CalAmp Corp.’s recent headquarters move from Oxnard to Irvine provides a boost in the middle market for Orange County’s roster of publicly traded tech companies.
The wireless service provider and products maker had long eyed OC for its home base, considering its top executive and other corporate personnel are based here, and its ongoing growth has been centered between here and San Diego.
“It just seemed like the appropriate time,” said Chief Executive Michael Burdiek, who lives in Laguna Beach. “For some time here really, the center of gravity has been in Orange County.”
The company employs about 450—50 of them in Irvine, where its IT, human relations, legal and some supply chain operations are based. About 85 workers are in Carlsbad, home to its mobile resources management business, which generates about half of the company’s annual revenue through manufacturing and selling telematics devices for car dealerships, law enforcement agencies and commercial fleets, among others.
The company posted revenue of $280.7 million and net income of nearly $17 million in the 12 months through February, the end of its fiscal year.
CalAmp was founded in 1981 and began trading on the NASDAQ in 1983, holding the distinction of being one of the oldest stocks on the tech-heavy exchange, where it had a recent market value of about $519 million.
It established an Irvine office in 2007 through its $19 million acquisition of Aercept.

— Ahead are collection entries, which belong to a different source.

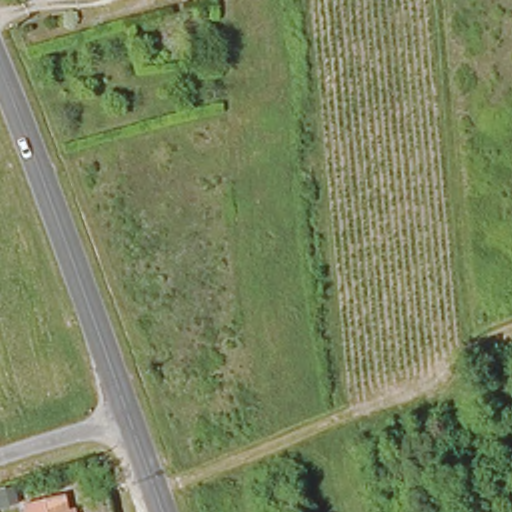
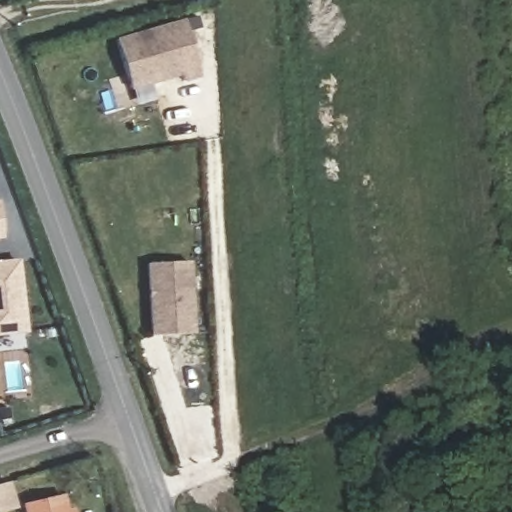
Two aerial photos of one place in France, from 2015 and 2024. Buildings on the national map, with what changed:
new [(131,91),(117,38),(184,18),(202,77),(183,83),(181,75),(131,91)]
new [(1,235),(0,235),(0,227),(1,235)]
new [(0,350),(0,261),(17,259),(22,297),(23,306),(26,329),(27,346),(0,350)]
new [(146,264),(191,261),(196,333),(151,336),(146,264)]
new [(11,482),(18,508),(5,512),(0,512),(0,486),(11,482)]
unchanged [(49,512),(20,512),(19,507),(45,500),(49,512)]
unchanged [(60,512),(58,512),(60,511),(60,512)]

OC has lost several hundred jobs since 2015 in the takeovers of several notable local public companies, including Broadcom Corp., Newport Corp., Ingram Micro Inc., Multi-Fineline Electronix Inc., Kofax Ltd. and Emulex Corp.

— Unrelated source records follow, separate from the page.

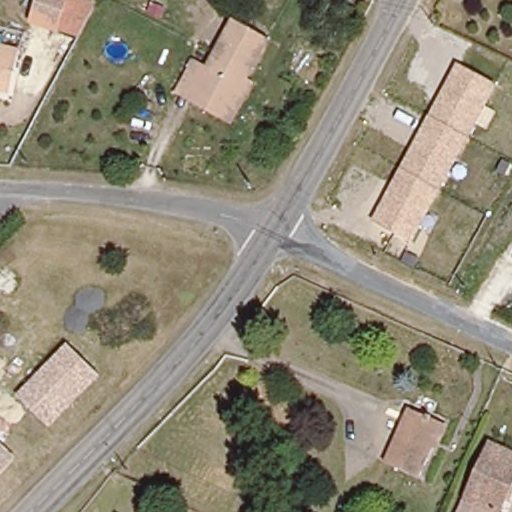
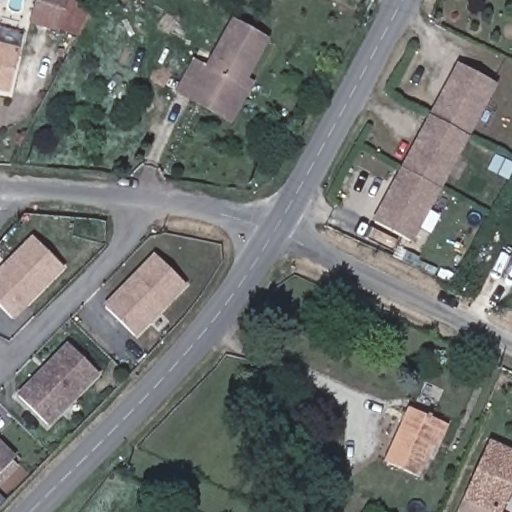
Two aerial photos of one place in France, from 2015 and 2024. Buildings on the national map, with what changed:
unchanged [(58,33),(29,25),(36,0),(68,0),(58,33)]
unchanged [(225,114),(192,98),(204,71),(226,21),(262,37),(242,81),(225,114)]
unchanged [(4,96),(0,95),(0,48),(17,54),(4,96)]
unchanged [(250,85),(231,125),(174,99),(190,65),(204,71),(192,98),(225,114),(242,81),(250,85)]
unchanged [(411,241),(375,221),(458,65),(495,84),(411,241)]
new [(0,307),(0,271),(32,238),(61,266),(11,318),(0,307)]
new [(136,335),(105,307),(155,254),(185,282),(136,335)]
unchanged [(50,428),(15,396),(66,341),(101,376),(50,428)]
unchanged [(417,476),(383,460),(406,406),(442,421),(417,476)]
unchanged [(0,440),(17,457),(0,475),(0,440)]
unchanged [(494,512),(489,512),(460,499),(485,444),(512,456),(512,475),(494,512)]

The companies had a combined market value of more than $41.3 billion.
App Power
A group of engineering students at California State University-Fullerton took home the $10,000 grand prize and bragging rights in the GE California State University Challenge.
The seven-member team’s Titan app, which allows students to track and analyze data from the school’s power sources and identify ways to reduce energy consumption in campus buildings, topped apps developed by San Jose State University, Cal State-Northridge, Cal State-Los Angeles and San Francisco State University.
The competition, which began March 24, challenged students to create a sustainable campus app using GE’s Predix cloud platform designed for industrial applications, and employing advanced computing, analytics, sensor technology, machine-to-machine communication and/or connectivity.
“CSUF’s Titan app, which compared three power sources and provided solutions to cut energy costs, stood out to me as the most original,” said Hima Mukkamal, head of engineering for Predix at GE Digital. “The app used data to provide both economic and environmental impact on the campus.”
CTO Named to Industry Board
Feyzi Fatehi, chief technology officer of Aliso Viejo-based cloud services provider Corent Technology Inc., has been named a board director of the Software & Services Division of the Software & Information Industry Association.
The Silicon Valley veteran, with more than 25 years of leadership experience, is chairman of the Orange County chapter of the Torrance-based Technology Council of Southern California.
Corent, which won a 2015 OC High-Tech Innovation Award in the Cloud/SaaS/Web Platform Solutions category, is a fast-growing company that has partnerships with Google, IBM, Dell, Amazon, Accenture, Cisco and Intel.